### What you have to do
Give the data again exactly as it appears, excluding any pictures.
═════ Data listing ═════
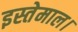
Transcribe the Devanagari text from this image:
इस्तेमाल।
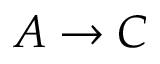
A \rightarrow C
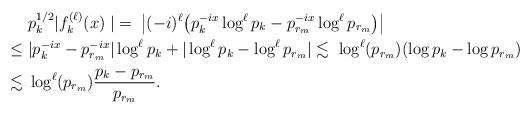
LaTeX: \begin{align*}&\; p_k^{1/2}|f^{(\ell)}_k(x)\;|=\; \big| (-i)^\ell\big( p_k^{-ix}\log^{\ell}p_k-p_{r_m}^{-ix}\log^{\ell}p_{r_m}\big)\big|\\\leq&\; |p_k^{-ix}-p_{r_m}^{-ix}|\log^{\ell}p_k+ |\log^{\ell}p_k -\log^{\ell}p_{r_m}|\lesssim \; \log^{\ell}(p_{r_m})(\log p_k-\log p_{r_m})\\\lesssim &\; \log^{\ell}(p_{r_m})\frac{p_k-p_{r_m}}{p_{r_m}}.\end{align*}
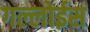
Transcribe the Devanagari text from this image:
गल्लोईस
═════
### Completed exercise
Transcribe the Devanagari text from this image:
इस्तेमाल।
A \rightarrow C
LaTeX: \begin{align*}&\; p_k^{1/2}|f^{(\ell)}_k(x)\;|=\; \big| (-i)^\ell\big( p_k^{-ix}\log^{\ell}p_k-p_{r_m}^{-ix}\log^{\ell}p_{r_m}\big)\big|\\\leq&\; |p_k^{-ix}-p_{r_m}^{-ix}|\log^{\ell}p_k+ |\log^{\ell}p_k -\log^{\ell}p_{r_m}|\lesssim \; \log^{\ell}(p_{r_m})(\log p_k-\log p_{r_m})\\\lesssim &\; \log^{\ell}(p_{r_m})\frac{p_k-p_{r_m}}{p_{r_m}}.\end{align*}
Transcribe the Devanagari text from this image:
गल्लोईस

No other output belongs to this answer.